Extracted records
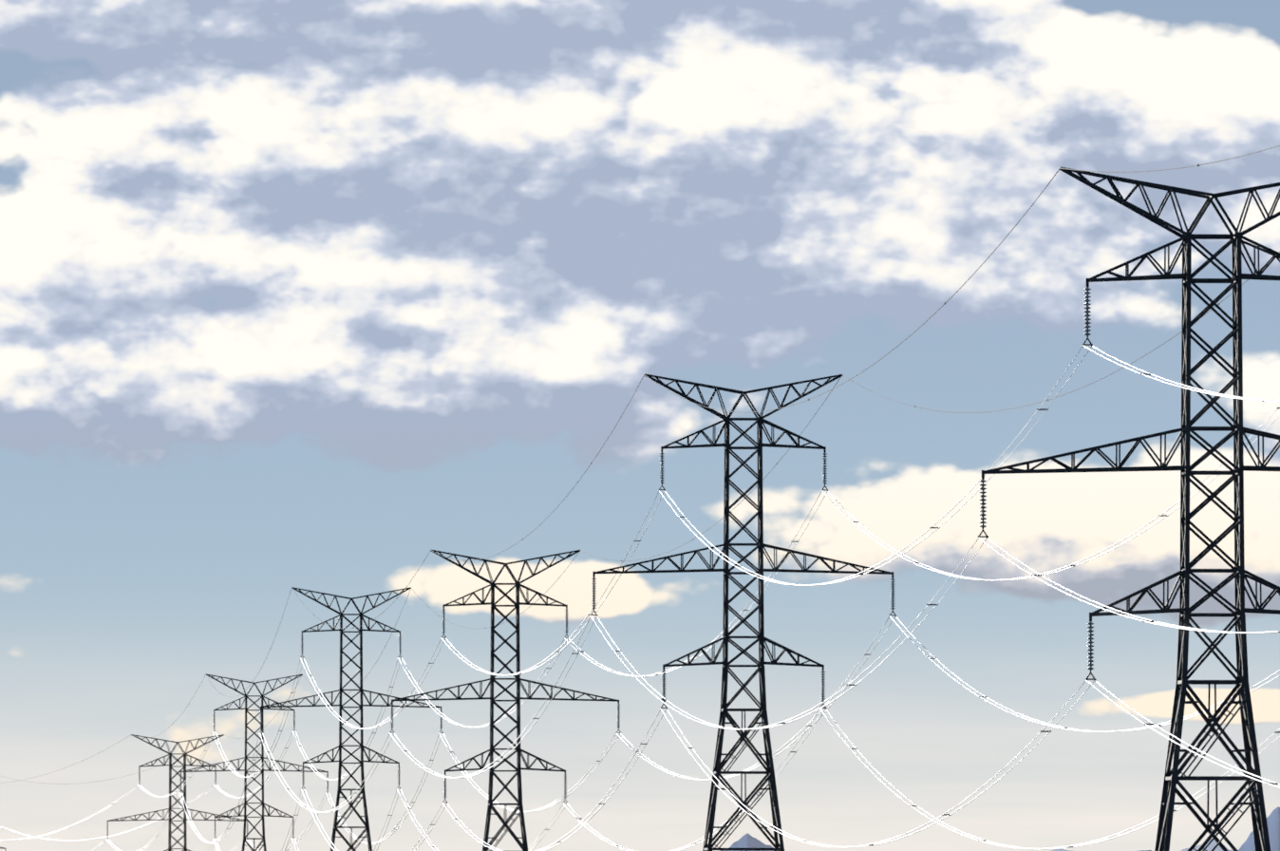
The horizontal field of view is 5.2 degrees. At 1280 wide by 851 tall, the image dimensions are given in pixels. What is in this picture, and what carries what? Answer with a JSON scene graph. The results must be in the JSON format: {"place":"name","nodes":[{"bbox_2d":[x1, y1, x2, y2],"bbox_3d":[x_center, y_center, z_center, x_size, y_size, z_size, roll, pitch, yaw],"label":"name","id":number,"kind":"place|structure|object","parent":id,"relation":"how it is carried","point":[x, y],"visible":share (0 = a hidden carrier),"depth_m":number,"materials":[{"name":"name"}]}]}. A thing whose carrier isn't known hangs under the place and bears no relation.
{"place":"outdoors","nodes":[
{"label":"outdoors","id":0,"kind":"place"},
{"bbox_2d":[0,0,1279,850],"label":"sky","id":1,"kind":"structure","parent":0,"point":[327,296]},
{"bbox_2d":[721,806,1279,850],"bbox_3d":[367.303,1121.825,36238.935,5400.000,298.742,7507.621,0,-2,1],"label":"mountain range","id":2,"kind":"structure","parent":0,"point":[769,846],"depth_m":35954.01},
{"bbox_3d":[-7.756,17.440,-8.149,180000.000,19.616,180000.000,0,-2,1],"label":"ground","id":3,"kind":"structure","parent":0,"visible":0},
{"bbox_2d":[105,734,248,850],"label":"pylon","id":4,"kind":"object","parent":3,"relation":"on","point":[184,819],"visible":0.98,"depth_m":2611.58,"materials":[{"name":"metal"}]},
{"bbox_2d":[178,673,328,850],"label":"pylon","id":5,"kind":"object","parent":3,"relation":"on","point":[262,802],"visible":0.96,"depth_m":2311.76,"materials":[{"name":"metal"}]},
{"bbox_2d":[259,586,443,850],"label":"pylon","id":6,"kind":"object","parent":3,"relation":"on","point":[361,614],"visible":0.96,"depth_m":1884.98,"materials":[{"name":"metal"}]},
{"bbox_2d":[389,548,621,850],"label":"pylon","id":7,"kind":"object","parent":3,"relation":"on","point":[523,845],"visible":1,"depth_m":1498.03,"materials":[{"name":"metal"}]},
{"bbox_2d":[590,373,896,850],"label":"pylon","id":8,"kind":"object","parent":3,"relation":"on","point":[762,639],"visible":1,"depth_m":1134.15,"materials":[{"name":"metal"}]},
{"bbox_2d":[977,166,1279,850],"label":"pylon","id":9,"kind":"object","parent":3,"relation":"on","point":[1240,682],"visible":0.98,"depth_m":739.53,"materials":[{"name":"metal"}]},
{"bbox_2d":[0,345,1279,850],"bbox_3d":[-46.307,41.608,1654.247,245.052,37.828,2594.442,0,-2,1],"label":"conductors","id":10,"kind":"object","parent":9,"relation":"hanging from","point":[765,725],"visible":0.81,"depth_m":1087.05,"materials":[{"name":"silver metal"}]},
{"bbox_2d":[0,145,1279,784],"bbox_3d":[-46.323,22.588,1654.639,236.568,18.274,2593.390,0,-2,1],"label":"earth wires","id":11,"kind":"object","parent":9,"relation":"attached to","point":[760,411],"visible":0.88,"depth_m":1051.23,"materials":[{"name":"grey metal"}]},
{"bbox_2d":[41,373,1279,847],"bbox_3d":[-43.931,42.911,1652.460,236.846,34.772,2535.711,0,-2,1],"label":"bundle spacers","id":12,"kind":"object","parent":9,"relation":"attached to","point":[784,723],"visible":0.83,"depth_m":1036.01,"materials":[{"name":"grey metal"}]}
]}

Exercise – Transcribe every record above exactly as written, leaving out any pictures.

Solved problem –
The horizontal field of view is 5.2 degrees. At 1280 wide by 851 tall, the image dimensions are given in pixels. What is in this picture, and what carries what? Answer with a JSON scene graph. The results must be in the JSON format: {"place":"name","nodes":[{"bbox_2d":[x1, y1, x2, y2],"bbox_3d":[x_center, y_center, z_center, x_size, y_size, z_size, roll, pitch, yaw],"label":"name","id":number,"kind":"place|structure|object","parent":id,"relation":"how it is carried","point":[x, y],"visible":share (0 = a hidden carrier),"depth_m":number,"materials":[{"name":"name"}]}]}. A thing whose carrier isn't known hangs under the place and bears no relation.
{"place":"outdoors","nodes":[
{"label":"outdoors","id":0,"kind":"place"},
{"bbox_2d":[0,0,1279,850],"label":"sky","id":1,"kind":"structure","parent":0,"point":[327,296]},
{"bbox_2d":[721,806,1279,850],"bbox_3d":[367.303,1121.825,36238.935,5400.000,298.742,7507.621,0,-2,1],"label":"mountain range","id":2,"kind":"structure","parent":0,"point":[769,846],"depth_m":35954.01},
{"bbox_3d":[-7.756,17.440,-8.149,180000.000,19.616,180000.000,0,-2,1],"label":"ground","id":3,"kind":"structure","parent":0,"visible":0},
{"bbox_2d":[105,734,248,850],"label":"pylon","id":4,"kind":"object","parent":3,"relation":"on","point":[184,819],"visible":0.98,"depth_m":2611.58,"materials":[{"name":"metal"}]},
{"bbox_2d":[178,673,328,850],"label":"pylon","id":5,"kind":"object","parent":3,"relation":"on","point":[262,802],"visible":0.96,"depth_m":2311.76,"materials":[{"name":"metal"}]},
{"bbox_2d":[259,586,443,850],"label":"pylon","id":6,"kind":"object","parent":3,"relation":"on","point":[361,614],"visible":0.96,"depth_m":1884.98,"materials":[{"name":"metal"}]},
{"bbox_2d":[389,548,621,850],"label":"pylon","id":7,"kind":"object","parent":3,"relation":"on","point":[523,845],"visible":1,"depth_m":1498.03,"materials":[{"name":"metal"}]},
{"bbox_2d":[590,373,896,850],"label":"pylon","id":8,"kind":"object","parent":3,"relation":"on","point":[762,639],"visible":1,"depth_m":1134.15,"materials":[{"name":"metal"}]},
{"bbox_2d":[977,166,1279,850],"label":"pylon","id":9,"kind":"object","parent":3,"relation":"on","point":[1240,682],"visible":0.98,"depth_m":739.53,"materials":[{"name":"metal"}]},
{"bbox_2d":[0,345,1279,850],"bbox_3d":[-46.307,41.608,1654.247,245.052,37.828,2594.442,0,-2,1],"label":"conductors","id":10,"kind":"object","parent":9,"relation":"hanging from","point":[765,725],"visible":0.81,"depth_m":1087.05,"materials":[{"name":"silver metal"}]},
{"bbox_2d":[0,145,1279,784],"bbox_3d":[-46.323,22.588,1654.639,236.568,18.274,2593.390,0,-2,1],"label":"earth wires","id":11,"kind":"object","parent":9,"relation":"attached to","point":[760,411],"visible":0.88,"depth_m":1051.23,"materials":[{"name":"grey metal"}]},
{"bbox_2d":[41,373,1279,847],"bbox_3d":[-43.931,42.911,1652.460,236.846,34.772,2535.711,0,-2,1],"label":"bundle spacers","id":12,"kind":"object","parent":9,"relation":"attached to","point":[784,723],"visible":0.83,"depth_m":1036.01,"materials":[{"name":"grey metal"}]}
]}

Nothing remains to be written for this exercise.